Some prefer an Arches base camp in Moab with an air-conditioned hotel room not a bad idea in the middle of summer but there is something about falling asleep and waking up in the park that enhances the experience.
"There is a lot of work that goes into camping with your kids, but there is a lot of return as well," said Heidi Prokop, of Salt Lake City, during a trip to Arches and a stay at Devils Garden.
"When we arrived my [5-year-old] son was asking for the iPad. We immediately showed him the wonders of searching for bugs and lizards. Exploring the natural world sort of realigns the whole family to what is most important to us."

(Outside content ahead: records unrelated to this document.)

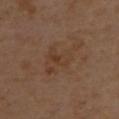<lesion>
<biopsy_status>not biopsied; imaged during a skin examination</biopsy_status>
<patient>
  <sex>male</sex>
  <age_approx>55</age_approx>
</patient>
<automated_metrics>
  <area_mm2_approx>10.0</area_mm2_approx>
  <eccentricity>0.8</eccentricity>
  <shape_asymmetry>0.5</shape_asymmetry>
  <cielab_L>38</cielab_L>
  <cielab_a>17</cielab_a>
  <cielab_b>29</cielab_b>
  <vs_skin_darker_L>5.0</vs_skin_darker_L>
  <border_irregularity_0_10>7.5</border_irregularity_0_10>
  <color_variation_0_10>4.0</color_variation_0_10>
  <peripheral_color_asymmetry>1.5</peripheral_color_asymmetry>
</automated_metrics>
<site>upper back</site>
<lesion_size>
  <long_diameter_mm_approx>6.0</long_diameter_mm_approx>
</lesion_size>
<lighting>cross-polarized</lighting>
<image>
  <source>total-body photography crop</source>
  <field_of_view_mm>15</field_of_view_mm>
</image>
</lesion>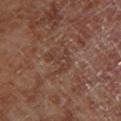Q: Was this lesion biopsied?
A: total-body-photography surveillance lesion; no biopsy
Q: Illumination type?
A: cross-polarized illumination
Q: How was this image acquired?
A: total-body-photography crop, ~15 mm field of view
Q: Automated lesion metrics?
A: a footprint of about 5 mm², an outline eccentricity of about 0.75 (0 = round, 1 = elongated), and a shape-asymmetry score of about 0.55 (0 = symmetric); a classifier nevus-likeness of about 0/100 and lesion-presence confidence of about 90/100
Q: What is the anatomic site?
A: the right lower leg
Q: How large is the lesion?
A: about 3.5 mm
Q: Who is the patient?
A: male, aged 68–72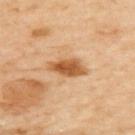image:
  source: total-body photography crop
  field_of_view_mm: 15
site: upper back
lesion_size:
  long_diameter_mm_approx: 4.5
patient:
  sex: female
  age_approx: 60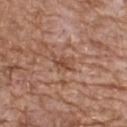workup: imaged on a skin check; not biopsied
anatomic site: the chest
subject: male, aged around 60
acquisition: ~15 mm crop, total-body skin-cancer survey
lighting: white-light

The iPad was left in the car as all the kids in our camp crawled on petrified sand dunes, rolled down sand hills and hunted for caterpillars and beetles that stuck their bottoms up in the air when threatened.

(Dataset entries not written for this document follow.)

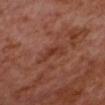Part of a total-body skin-imaging series; this lesion was reviewed on a skin check and was not flagged for biopsy. The tile uses cross-polarized illumination. An algorithmic analysis of the crop reported an area of roughly 4 mm², an eccentricity of roughly 0.8, and a symmetry-axis asymmetry near 0.4. The analysis additionally found a border-irregularity index near 4/10, a color-variation rating of about 2/10, and peripheral color asymmetry of about 0.5. Measured at roughly 3 mm in maximum diameter. A region of skin cropped from a whole-body photographic capture, roughly 15 mm wide. A male patient roughly 55 years of age. The lesion is located on the head or neck.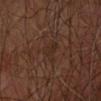| field | value |
|---|---|
| notes | imaged on a skin check; not biopsied |
| subject | male, in their mid- to late 60s |
| size | about 3 mm |
| site | the arm |
| imaging modality | total-body-photography crop, ~15 mm field of view |
| automated lesion analysis | an eccentricity of roughly 0.35 and a symmetry-axis asymmetry near 0.5; an average lesion color of about L≈25 a*≈15 b*≈22 (CIELAB), roughly 4 lightness units darker than nearby skin, and a lesion-to-skin contrast of about 5 (normalized; higher = more distinct); lesion-presence confidence of about 95/100 |

Devils Garden includes 50 campsites and two group sites that can be reserved. Many are tucked into the slickrock, providing some privacy and a built-in playground for kids. But it is not only children, however, who feel like playing.

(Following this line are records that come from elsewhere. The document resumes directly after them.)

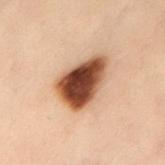Notes:
– workup: catalogued during a skin exam; not biopsied
– body site: the back
– tile lighting: cross-polarized illumination
– imaging modality: ~15 mm tile from a whole-body skin photo
– patient: female, aged 58–62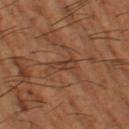Case summary:
- biopsy status: total-body-photography surveillance lesion; no biopsy
- lighting: cross-polarized illumination
- lesion size: ~3.5 mm (longest diameter)
- image source: total-body-photography crop, ~15 mm field of view
- subject: male, in their mid- to late 60s
- site: the left thigh

"Kids look at this place just like I do, as a big sandstone playground where you can climb on these rocks and feel like a giant and like you just reached the top of your own personal mountain," said Arches National Park naturalist Karen Henker. "Every campsite has its own little nooks and crannies to explore or a rock fin or a little garden of flowers.
"And our sand is famously fine. You just want to dig your toes into to it. We are walking through sand dune deserts millions of years old."
My 8-year-old daughter, Lucie, found the sand can also serve another purpose.
"Sometimes when you dig down the sand gets cool and it feels so good on your feet," she said.
Such are the memories of family camping Arches.
Our family has plenty of them.
Like the time my oldest son, then 6 or 7 years old, finally caught a lizard after many futile attempts only to have the creature ruin his elation by nipping him on the finger and sending him into tears.
On another trip when he was still a toddler the wind ripped the pacifier out of his mouth when we made that final turn from the trail to Delicate Arch and carried it over the cliff, prompting a trip all the way to Moab for a new binky.
We have photos of our family enjoying a break from the sun under Wall Arch, just past Landscape Arch on the Devils Garden trail. Little did we know the arch would collapse during our lifetime: The 71-foot-tall and 33½-foot-wide arch collapsed in 2008, blocking the trail but fortunately not injuring any visitors.
"That event was really a gift," Henker said, "a reminder to us all that these things are moving. Human beings just don't live very long, and we don't have a chance to witness geology in action. It was also a bit of a safety wake-up call. By definition, these things are on the move."
A huge slab broke off of Landscape Arch in 1991, forcing park officials to close trails under the formation.
Henker says there are more than 2,000 documented arches in the park.
"It is the densest concentration for natural arches in the world," she said. "The majority are not visible from the scenic road, but a lot of them are hiding in plain sight."
She suggests parents explain that an arch only needs to be a 3-foot opening in any direction and then encourage kids to see if they can find arches not shown on the park map.
Experiencing Arches National Park during the day with the masses is one thing; watching the sun set, seeing the stars pop out and crawling into the tent with your family is another.
"It's fun to all sleep in one place," my daughter said. "Sometimes it is good to see each other so much more and that we are all together in our sleeping bags."
"My children will look back on these times of camping and recognize them as important family opportunities and times that they grew and explored on their own," she said. "I think they will cherish these opportunities and, hopefully, take their own kids camping as well."